(Stored items from a collection)
BEGIN

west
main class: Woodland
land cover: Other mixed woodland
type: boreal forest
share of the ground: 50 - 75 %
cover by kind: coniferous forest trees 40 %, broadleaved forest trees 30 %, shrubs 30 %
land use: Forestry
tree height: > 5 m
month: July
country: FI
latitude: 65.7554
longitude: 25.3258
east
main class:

END
BEGIN

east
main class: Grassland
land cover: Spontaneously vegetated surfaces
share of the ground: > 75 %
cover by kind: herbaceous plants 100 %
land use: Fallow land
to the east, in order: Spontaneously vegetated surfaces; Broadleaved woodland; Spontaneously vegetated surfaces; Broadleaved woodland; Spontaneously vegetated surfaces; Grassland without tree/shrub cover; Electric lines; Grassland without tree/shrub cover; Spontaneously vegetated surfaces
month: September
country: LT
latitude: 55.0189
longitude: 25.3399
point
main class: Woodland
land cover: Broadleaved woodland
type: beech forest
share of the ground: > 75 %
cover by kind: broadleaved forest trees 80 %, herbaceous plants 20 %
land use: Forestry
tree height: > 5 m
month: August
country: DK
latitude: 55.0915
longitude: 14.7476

END
BEGIN

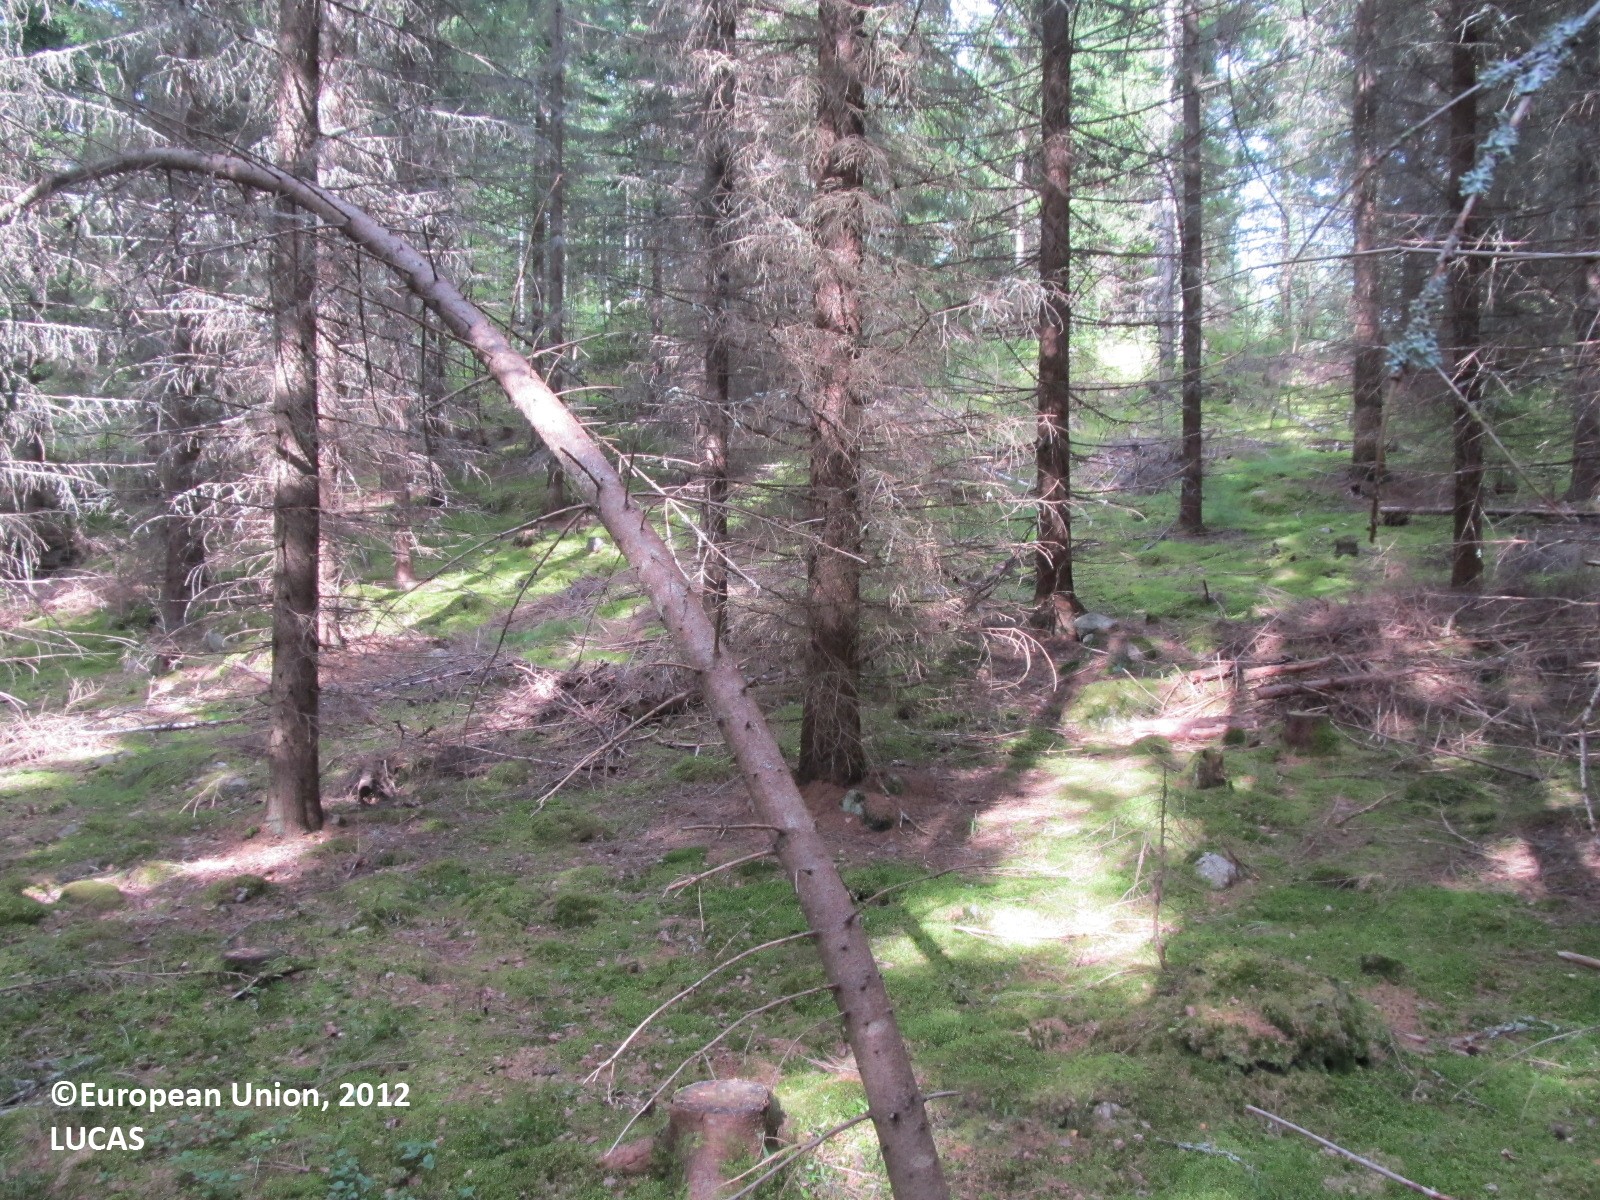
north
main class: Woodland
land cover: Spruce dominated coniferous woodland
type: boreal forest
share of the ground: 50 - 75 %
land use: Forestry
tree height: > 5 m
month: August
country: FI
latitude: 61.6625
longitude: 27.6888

END

> [Action item]
Reproduce the lines above, beginning at the line with "cover by kind: broadleaved" and stopping after the line with "longitude: 14.7476", exactly as they are.

> [Solved problem]
cover by kind: broadleaved forest trees 80 %, herbaceous plants 20 %
land use: Forestry
tree height: > 5 m
month: August
country: DK
latitude: 55.0915
longitude: 14.7476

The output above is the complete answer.